John Keats’s Porridge: The Favorite Recipes of Beloved Poets
What simple dishes reveal about the complexities of poetry as a creative act of constant transformation.
By Maria Popova
The relationship between food and literature seems to be an enduring one, from literary parodies of recipes to meals from famous fiction. In late April of 1973, poet and self-taught chef Victoria McCabe decided to formalize the relationship and mailed form letter requests to 250 of the era’s leading poets, asking them to share their favorite recipes. Some 150 replied, 117 of whom made it into John Keats’s Porridge: Favorite Recipes of American Poets (public library) — a tiny yet enormously delightful little cookbook spanning everything from Edward Abbey’s Hardcase Survival Pinto Bean Sludge to Claire McAllister’s Baked Stuffed Sweet Oranges. Only about half a dozen of the recipes were written in verse, at least half “were chosen for their ability to keep a poor poet full for a long time without putting too large a dent in the pocketbook,” and all were tested by McCabe, her husband, and their friends.
Allen Ginsberg offers his uncompromising borscht recipe:
Boil 2 big bunches of chopped beets and beet greens for one hour in two quarts of water with a little salt and a bay leaf, an one cup of sugar as for lemonade. When cooked, add enough lemon to balance the sugar, as for lemonade (4 or 5 lemons or more).
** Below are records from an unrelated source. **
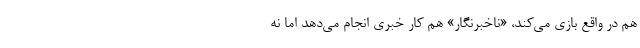
هم در واقع بازی می‌کند، «ناخبرنگار» هم کار خبری انجام می‌دهد اما نه
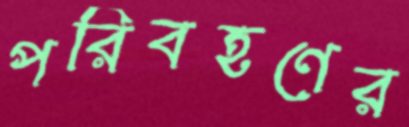
পরিবহণের
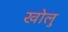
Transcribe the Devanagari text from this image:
खोलु
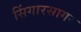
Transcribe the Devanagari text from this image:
सिंगारसागर
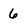
Character: 6
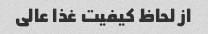
از لحاظ کیفیت غذا عالی

Icy chill; serve with hot boiled potatoes on side and a dollop of sour cream in the middle of red cold beet soup. On side also: spring salad (tomatoes, onions, lettuce, radishes, cucumbers).
Joyce Carol Oates cooks up some disciplined Easter Anise Bread:
1 dozen eggs
1 tablespoon sugar for every egg (¾ cup)
2 cakes yeast
½ cup oil
1 cup butter
1 teaspoon orange juice
1 teaspoon lemon juice
1 teaspoon anise seed
1 pinch salt
9 cups flour
Warm milk, enough to dissolve yeast
Beat eggs; add juices, yeast, and milk and beat slightly. Mix flour, sugar, salt, and anise. Now add to liquid mixture and mix until well blended. Let rise in bowl until nearly double in size. Punch down. Let rise again. Shape into four loaves. Place in greased pans. Let rise and bake for 20-30 minutes at 350 degrees.
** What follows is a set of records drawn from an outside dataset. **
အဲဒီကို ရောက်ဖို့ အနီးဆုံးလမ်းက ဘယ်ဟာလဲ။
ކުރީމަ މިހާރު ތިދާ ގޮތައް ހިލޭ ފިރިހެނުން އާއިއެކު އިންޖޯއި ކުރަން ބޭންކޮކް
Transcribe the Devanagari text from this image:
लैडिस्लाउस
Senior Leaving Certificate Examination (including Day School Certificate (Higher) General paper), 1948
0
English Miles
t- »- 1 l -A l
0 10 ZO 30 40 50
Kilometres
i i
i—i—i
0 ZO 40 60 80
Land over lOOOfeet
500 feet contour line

Muriel Rukeyser makes an irreverent Omelette Philleo:
On the side of variousness in life, this is my omelette. It is made with all the combining of egg yolks and milk (or, for weight watchers, water) beaten, and egg whites and salt, beaten; the folding, slashing, and then the variation: fill with slices of cranberry sauce for a tart and various omelette. It is named for Philleo Nash, friend, former Commissioner of Indian Affairs, and Cranberry Prince.
I do not mention my pickled watermelon rind with scotch. Nor others.
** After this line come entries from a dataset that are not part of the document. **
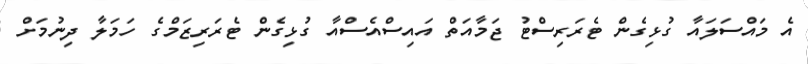
އެ މައްސަލައާ ގުޅިގެން ޓެރަރިސްޓު ޖަމާއަތް އައިސްއެސްއާ ގުޅިގެން ޓެރަރިޒަމްގެ ހަމަލާ ދިނުމަށް
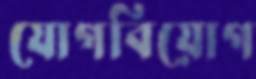
যোগবিয়োগ
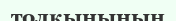
толқынының
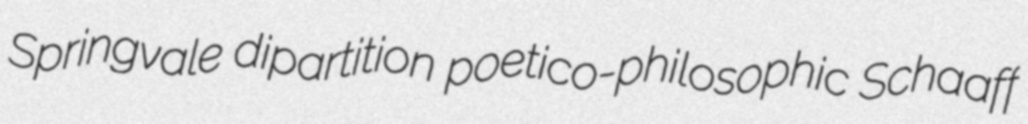
Springvale dipartition poetico-philosophic Schaaff
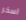
اسخر
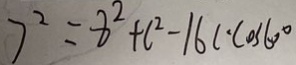
7 ^ { 2 } = 8 ^ { 2 } + c ^ { 2 } - 1 6 c \cdot \cos 6 0 ^ { \circ }
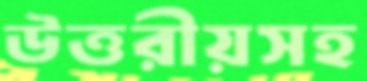
উত্তরীয়সহ
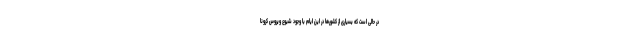
در حالی است که بسیاری از کشورها در این ایام با وجود شیوع ویروس کرونا

Ultimately, what John Keats’s Porridge offers, besides the promise of some filling dishes, is an apt metaphor for poetry itself — even creativity at large — as an endless cycle of borrowing, remix, and transformation. As William Cole eloquently puts it in the introduction,
It’s interesting to note that nearly ninety per cent of all the recipes submitted are either the poet’s original recipe or his variation on a standard recipe. Few poets, it would seem, are willing to claim as favorite any old run of the mill standard recipe. This is not surprising when we consider the nature of the Beast: the poet as creator, inventor, who makes out of a few necessary ingredients a magic potion.